Cette stratégie vise officiellement à renforcer la cohésion nationale et le sentiment patriotique. Pourtant, elle s’accompagne d’une réduction progressive des espaces de contrôle démocratique et d’une concentration des pouvoirs entre les mains des militaires. Les organisations de défense des droits humains alertent depuis des mois sur les risques d’un tel déséquilibre institutionnel.

L’impunité, conséquence directe de l’affaiblissement des contre-pouvoirs

Dans un État de droit, la justice, les médias indépendants et la société civile jouent un rôle crucial dans la prévention des abus. Or, au Burkina Faso, ces mécanismes de contrôle se trouvent aujourd’hui affaiblis, voire neutralisés. La peur des représailles pousse les victimes à se taire ou à chercher justice à l’étranger, comme le montrent les démarches entreprises au Maroc.

Cette situation interroge : comment garantir la protection des citoyens lorsque les institutions chargées de faire respecter la loi sont elles-mêmes fragilisées ? La priorité donnée à la sécurité nationale ne doit pas servir de prétexte pour reléguer au second plan les droits fondamentaux et les garanties judiciaires.

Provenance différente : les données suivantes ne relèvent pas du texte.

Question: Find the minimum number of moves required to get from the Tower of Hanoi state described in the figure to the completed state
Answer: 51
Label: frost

Un climat de peur qui étouffe les voix critiques

Plusieurs facteurs expliquent la difficulté à dénoncer les abus dans le contexte actuel. Critiquer les autorités militaires est souvent perçu comme une trahison, tandis que les journalistes et militants indépendants subissent intimidations et restrictions. Les médias, eux-mêmes soumis à des contraintes croissantes, peinent à couvrir librement ces sujets.

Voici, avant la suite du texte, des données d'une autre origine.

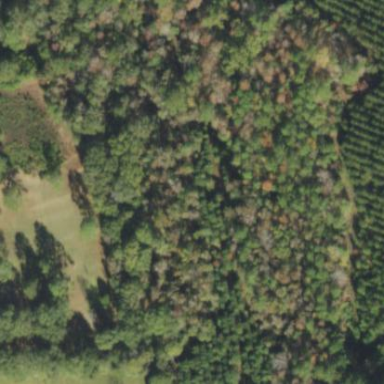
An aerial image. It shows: Mixed woodland area with various types of leaves.

Dans ce contexte, le silence observé ne reflète pas nécessairement un soutien à la politique menée. Il peut aussi traduire une peur bien réelle des conséquences d’un engagement public contre le pouvoir en place.

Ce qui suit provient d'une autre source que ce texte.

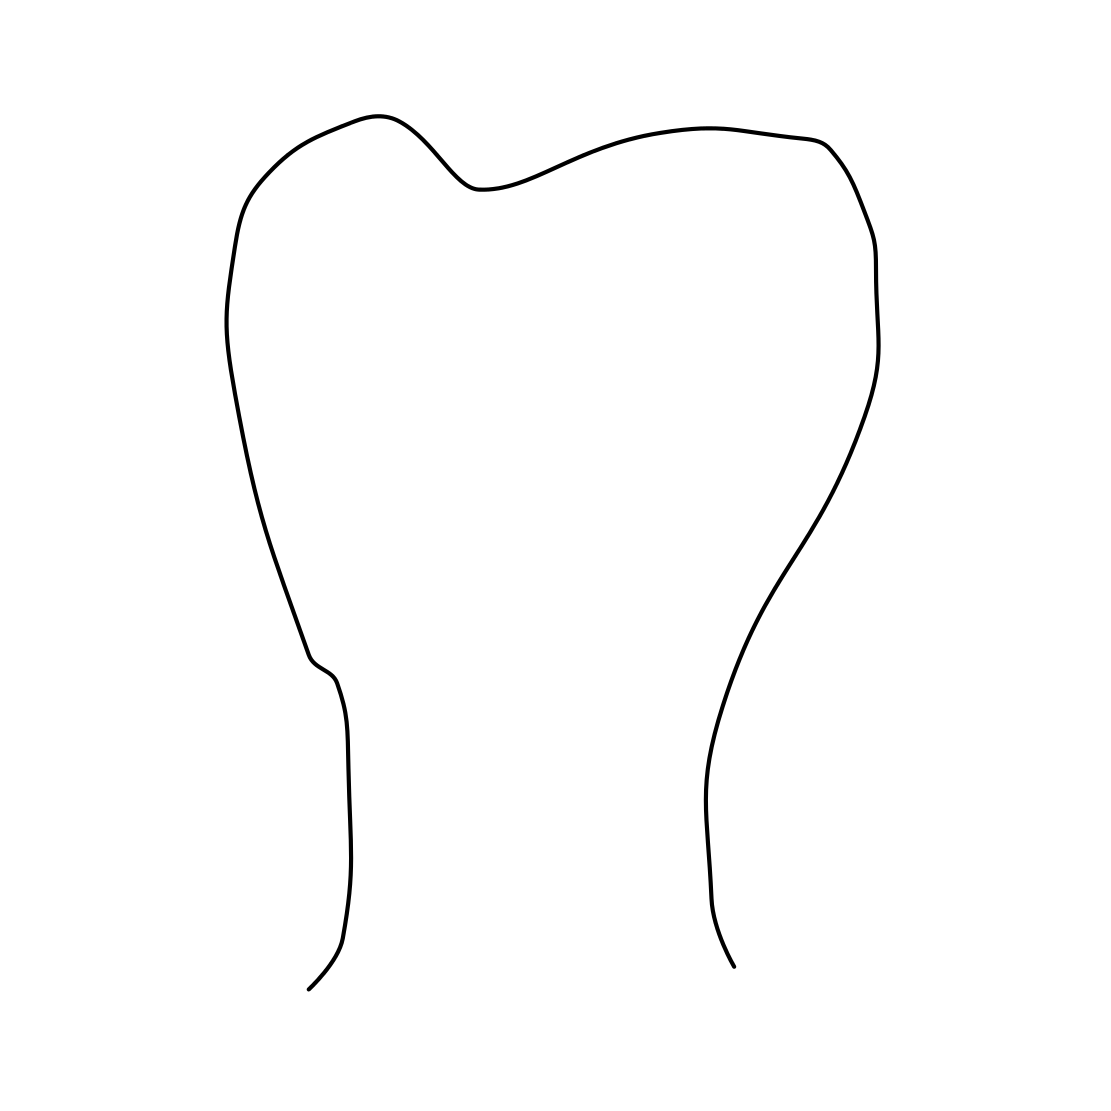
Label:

Une affaire qui dépasse le cadre sportif

Au-delà du football féminin, cette affaire interroge la place des militaires dans une société en conflit. Elle pose également une question fondamentale : un État peut-il garantir la sécurité de ses citoyens lorsqu’il confie l’organisation de programmes publics à des institutions militaires, sans mécanisme de contrôle efficace ?

La lutte contre le terrorisme, aussi prioritaire soit-elle, ne peut justifier une dérive autoritaire ni l’effacement des principes démocratiques. La protection des droits humains et des libertés individuelles doit rester au cœur de toute action publique.

Un recours à l’international qui en dit long

Le fait que les victimes aient choisi de déposer plainte à l’étranger plutôt qu’au Burkina Faso est un indicateur fort. Ce choix reflète une méfiance envers les institutions nationales, perçues comme incapables de garantir une enquête impartiale et transparente.

Si les enquêtes à venir confirment ces allégations, elles pourraient contraindre les autorités à réagir. Une enquête indépendante et crédible serait alors indispensable pour établir les responsabilités, protéger les victimes et rétablir la confiance dans les institutions.

Conclusion : le patriotisme ne doit pas servir de paravent aux abus

Les événements récents rappellent une vérité fondamentale : aucun projet politique, aussi ambitieux soit-il, ne peut se construire en ignorant l’État de droit. Le patriotisme ne saurait être invoqué pour justifier l’absence de contrôle ou pour étouffer les voix critiques.

Si les faits étaient avérés, cette affaire marquerait un tournant dans l’évaluation de la gouvernance burkinabè. Elle illustrerait les dangers d’une concentration excessive des pouvoirs et l’affaiblissement des mécanismes destinés à protéger les citoyens.